If you want to get the most value out of your sales and marketing strategies, you need to track your performance. Unfortunately, most business owners get wrapped up in tracking only the bottom line. They track KPIs like conversions, sales, and overall ROI – which are a great place to start – but if you want to see better results, you should be tracking every stage of your sales and marketing campaign.
Why is this so important and how can you get started with it?
The Value of Multi-Stage Tracking
First, let’s explore the value of tracking metrics at every stage of your marketing and sales campaigns, from initial discovery to final purchase.
- experimentation opportunities. AB testing is one of your most indispensable assets in the sales and marketing world, since it allows you to compare two versions of your messaging (or offer) and determine the most important variables for success. Experimenting actively at every stage of the funnel gives you the opportunity to discover new tactics across the board. You can improve initial perceptions of your brand, nurture audiences more effectively with drip email campaigns and social media messaging, and of course, boost your conversion rate.
- Refined audience understanding. Looking at behavioral metrics throughout the sales funnel also gives you a much better understanding of your target audience. You may already recognize who your most important demographics are and what moves them to convert – but do you know how they conduct initial research and discovery? Do you know how they respond to brands they see for the first time?
- Better understanding of cause and effect. It’s not hard to understand that people with positive brand experiences early in the sales funnel tend to convert more reliably in the later stages of the sales funnel. But how does this apply to specific variables? For example, if you give prospects a free gift, are they more likely to buy from you in the future? Only by tracking metrics throughout your campaigns will you gain this improved understanding of cause and effect.
- A lower risk of complacency. Complacency is a common problem among marketers. If you manage to increase your conversion rate by 75 percent, you might take that as a win and never touch it again – but if you do this, you’ll never realize your full potential. Tracking KPIs at every stage means you’ll always have new projects to work on and new variables to tinker with – which means you’ll never have the temptation to rest on your laurels.
How to Get Started
So how do you get started with this multi-stage marketing and sales analysis?
- Consider working with an agency. One option is to work with a digital marketing agency. Agencies have significant experience helping clients understand their sales funnels, set up tracking systems, experiment, and improve. It’s an investment, but one that typically starts paying off in a matter of weeks.
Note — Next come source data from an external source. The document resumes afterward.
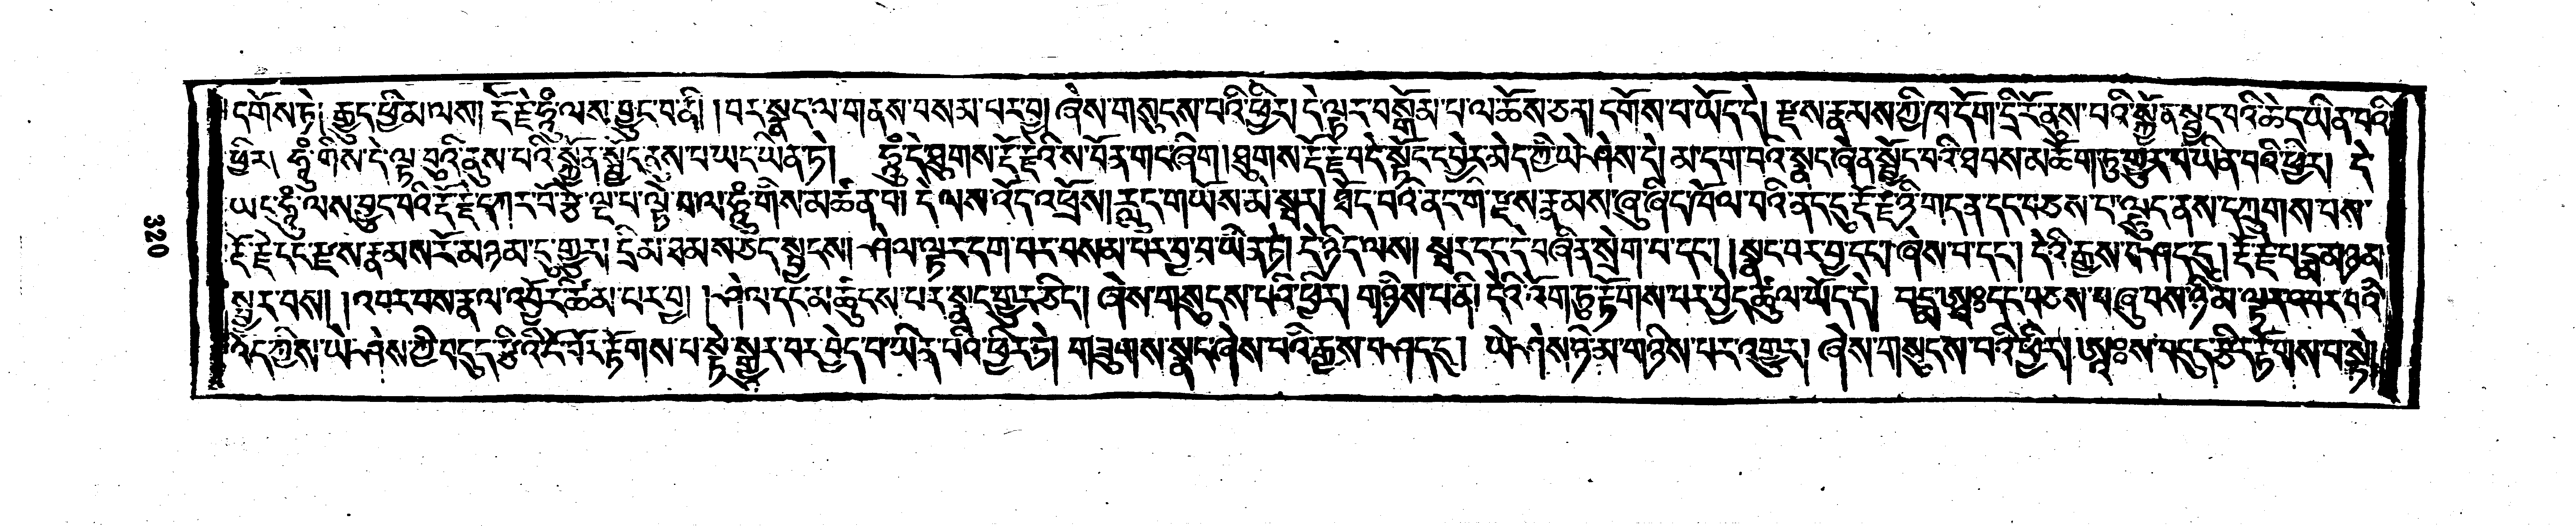དགོས་ཏེ། རྒྱུད་ཕྱི་མ་ལས། རྡོ་རྗེ་ཧཱུཾ་ལས་བྱུང་བ་ནི། །བར་སྣང་ལ་གནས་བསམ་པར་བྱ། ཞེས་གསུངས་པའི་ཕྱིར། དེ་ལྟར་བསྒོམ་པ་ལ་ཆོས་ཅན། དགོས་པ་ཡོད་དེ། རྫས་རྣམས་ཀྱི་ཁ་དོག་དྲི་རོ་ནུས་པའི་སྐྱོན་སྦྱང་བའི་ཆེད་ཡིན་པའི་
ཕྱིར༑ ཧཱུཾ་གིས་དེ་ལྟ་བུའི་ནུས་པའི་སྐྱོན་སྦྱོང་ནུས་པ་ཡང་ཡིན་ཏེ། ཧཱུཾ་དེ་ཐུགས་རྡོ་རྗེའི་ས་བོན་གང་ཞིག །ཐུགས་རྡོ་རྗེ་བདེ་སྟོང་དབྱེར་མེད་ཀྱི་ཡེ་ཤེས་དེ། མ་དག་པའི་སྣང་ཞེན་སྦྱོང་བའི་ཐབས་མཆོག་ཏུ་གྱུར་བ་ཡིན་པའི་ཕྱིར། དེ་
ཡང་ཧཱུཾ་ལས་བྱུང་བའི་རྡོ་རྗེ་དཀར་བོ་རྩེ་ལྔ་པ་ལྟེ་བ་ལ་ཧཱུཾ་གིས་མཚན་པ། དེ་ལས་འོད་འཕྲོས། རླུང་གཡོ་བ་མེ་སྦར། ཐོད་པའི་ནང་གི་རྫས་རྣམས་ཞུ་ཞིང་ཁོལ་བའི་ནང་དུ་རྡོ་རྗེ་ཉི་གདན་དང་བཅས་པ་ལྷུང་ནས་དཀྲུགས་པས་
རྡོ་རྗེ་དང་རྫས་རྣམས་རོ་མཉམ་དུ་གྱུར། དྲི་མ་ཐམས་ཅད་སྦྱངས། ཤེལ་ལྟར་དག་པར་བསམ་པར་བྱ་བ་ཡིན་ཏེ། དེ་ཉིད་ལས། སྦར་དང་དེ་བཞིན་སྲེག་པ་དང་། །སྣང་བར་བྱ་དང་། ཞེས་པ་དང་། དེའི་རྒྱས་བཤད་དུ། རྡོ་རྗེ་པདམ་མཉམ་
སྦྱར་བས། །འབར་བས་རྣལ་འབྱོར་ཚིམ་པར་བྱ། །ཤེལ་དང་མཚུངས་པར་སྣང་གྱུར་ཅིང་། ཞེས་གསུངས་པའི་ཕྱིར། གཉིས་པ་ནི། དེའི་འོག་ཏུ་རྟོགས་པར་བྱེད་ཚུལ་ཡོད་དེ། པདམ་ཨཱཿ དང་བཅས་པ་ཞུ་བས་ཉི་མ་ལྟར་འབར་བའི་
འོད་ཀྱིས་ཡེ་ཤེས་ཀྱི་བདུད་རྩིའི་ངོ་བོར་རྟོགས་པ་སྟེ་སྒྱུར་བར་བྱེད་པ་ཡིན་པའི་ཕྱིར་ཏེ། གཟུགས་སྣང་ཞེས་པའི་རྒྱས་བཤད་དུ། ཡེ་ཤེས་ཉི་མ་གཉིས་པར་འབྱུང་། ཞེས་གསུངས་པའི་ཕྱིར། ཨཱཿ ས་བདུད་རྩིར་རྟོགས་པ་སྟེ།

- Document and describe your sales funnel. One of the first things you should do is document and describe your sales funnel. What are the stages that the average prospect goes through before eventually buying your product or service? What are your brand’s critical objectives at each of these stages?
- Build customer personas. It’s also a good idea to build out customer personas that reflect your target audience, if you haven’t done so already. This makes it much easier to understand how a member of your audience might behave at each stage of the funnel – and what types of content and interactions they want to see before moving onto the next stage.
- Invest in better tracking tools. You’re not going to track all these metrics manually, so it’s important to find the right tools to help you track them automatically. Fortunately for you, there are plenty of marketing and sales analytics platforms on the market to help you with this.
- Focus on the most relevant variables. When first starting with this approach, it’s natural to feel overwhelmed by the number of variables to potentially track. That’s why it’s important to narrow down the list. At each stage of the funnel, identify the most crucial variables for your success – and focus on those.
- Remain open to improvement. No marketing analytics strategy is perfect. If you remain consistently open to improvement, you’ll gradually iron out all the kinks in your approach.
Tracking your sales and marketing campaign at every conceivable stage is an undertaking, and potentially an expensive one. You’ll spend significant time, money, and effort setting up the tools, processes, and partnerships you need to be successful. But if you’re consistent, and you take action on the data you gather, this could be your path to higher profitability – and the competitive edge you need.